ONTARIO.

(Map [23].)

1. Hamilton, Wentworth County.—On Burlington Heights, near Hamilton, many years ago antlers of the elk were found associated with a jaw of a beaver. They were discovered 30 feet from the surface and at a level 7 feet higher than the jaw of Elephas columbi described on page [147]. The age of all these bones is late Pleistocene. The elk had, therefore, spread over the northern part of our country before the close of the Wisconsin stage.

The geology of this locality and the species found there are considered on pages [284]–285.

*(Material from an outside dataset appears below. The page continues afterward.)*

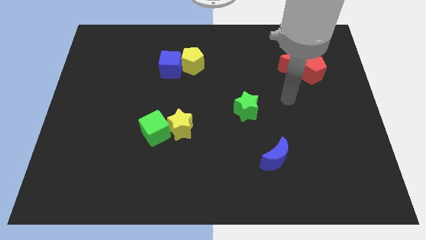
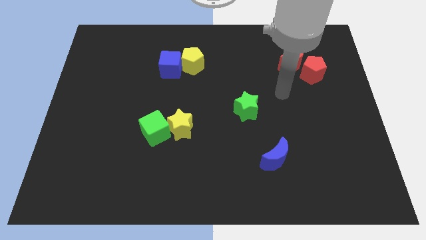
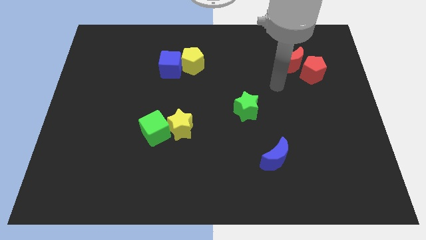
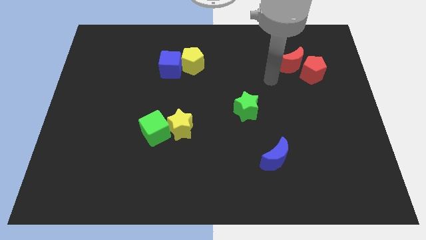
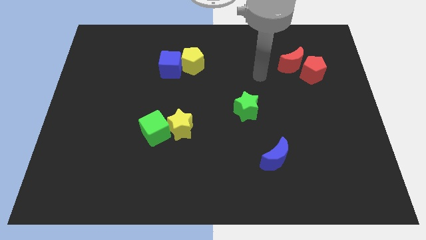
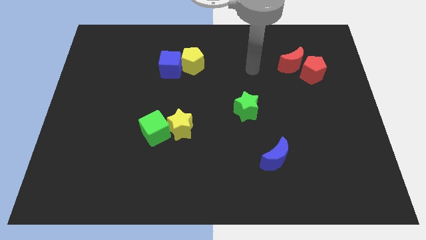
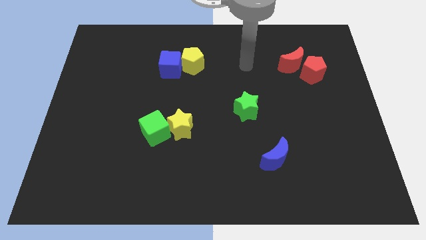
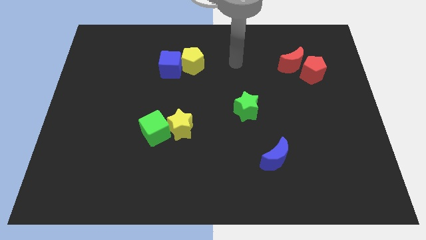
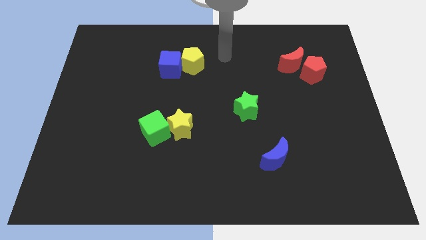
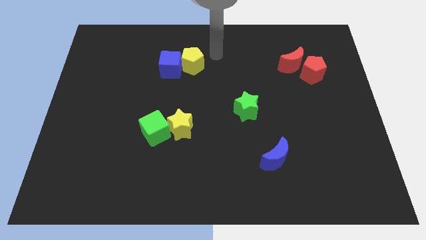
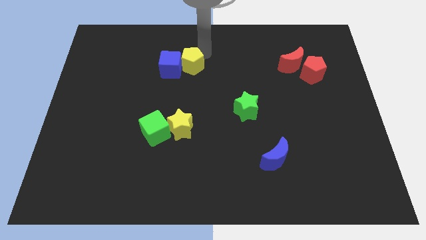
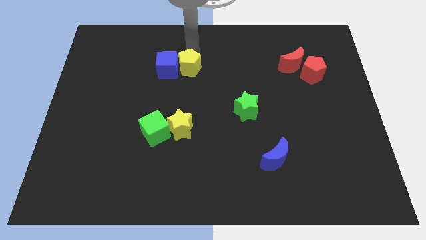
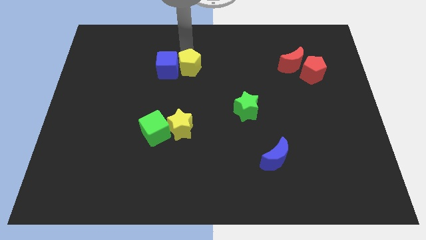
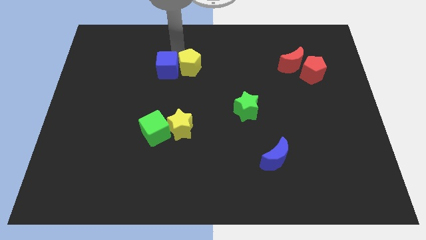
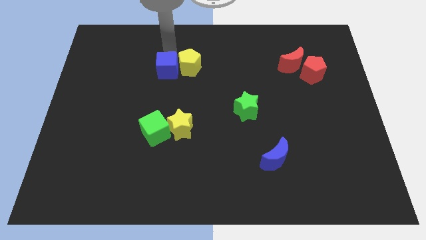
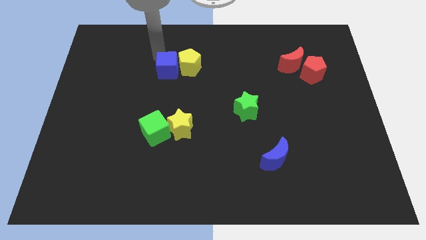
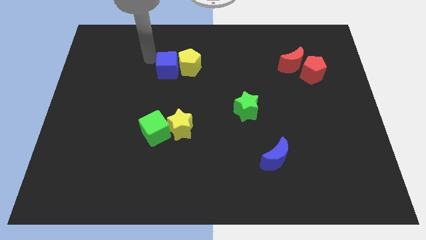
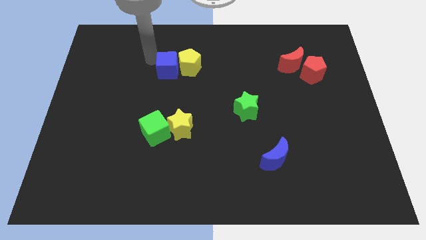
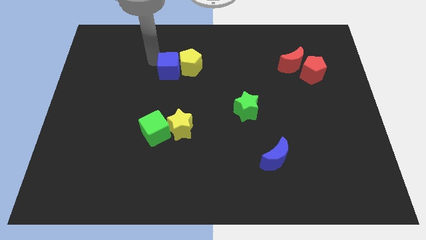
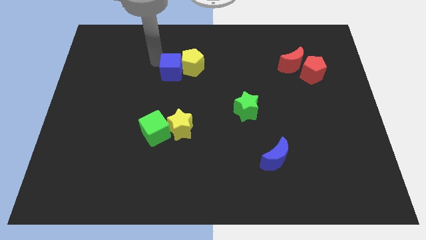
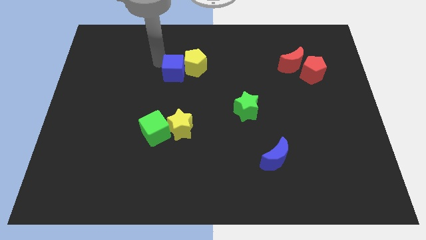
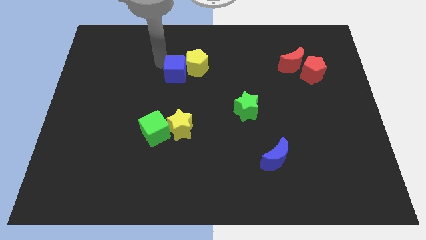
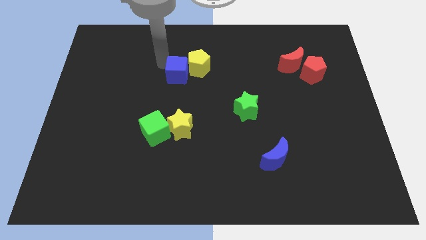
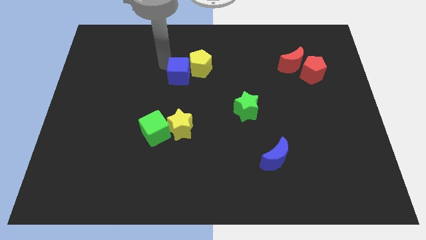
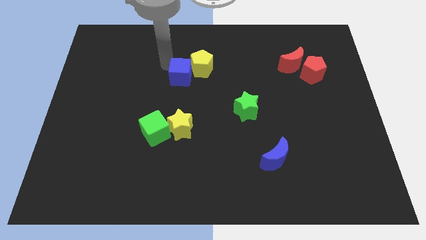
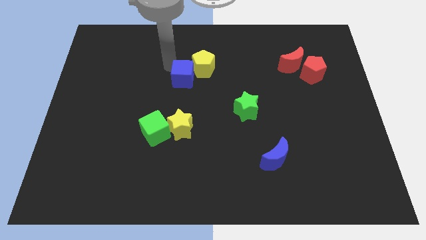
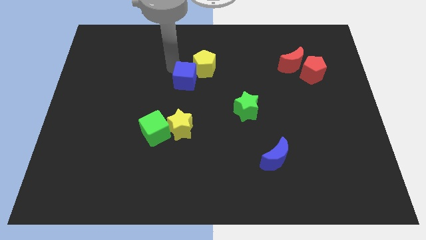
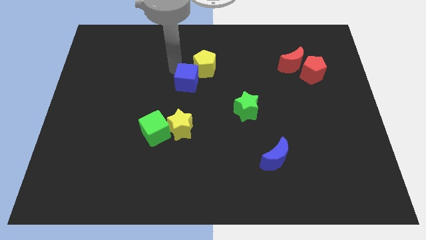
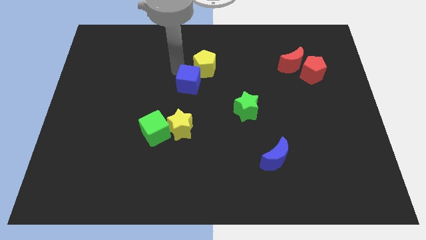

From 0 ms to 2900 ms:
push the blue cube somewhat downwards and to the right

2. Near Strathroy, Middlesex County.—In 1901 (Ottawa Naturalist, vol. XV, pp. 95–97, fig.) L. H. Smith wrote on the occurrence of the elk in Ontario. None had been known to exist there since the settlement by white men. The writer of the article had a number of specimens of antlers collected in the neighborhood of Strathroy and the neighboring county, Lambton. A fine pair of antlers and a part of a skeleton of an elk had been discovered in a boggy spring in lot 15, 12th concession, township of Lobo. It was evidently not deeply buried. This and the others, notwithstanding shallowness of burial, may have been buried in Late Pleistocene times; but there is no assurance that they did not live during the early Recent.

3. Kingston, Frontenac County.—In 1898 (Bull. Geol. Soc. Amer., vol. IX, p. 377), Robert Bell stated that remains of the elk had been found in shell marl in at least two places near Kingston.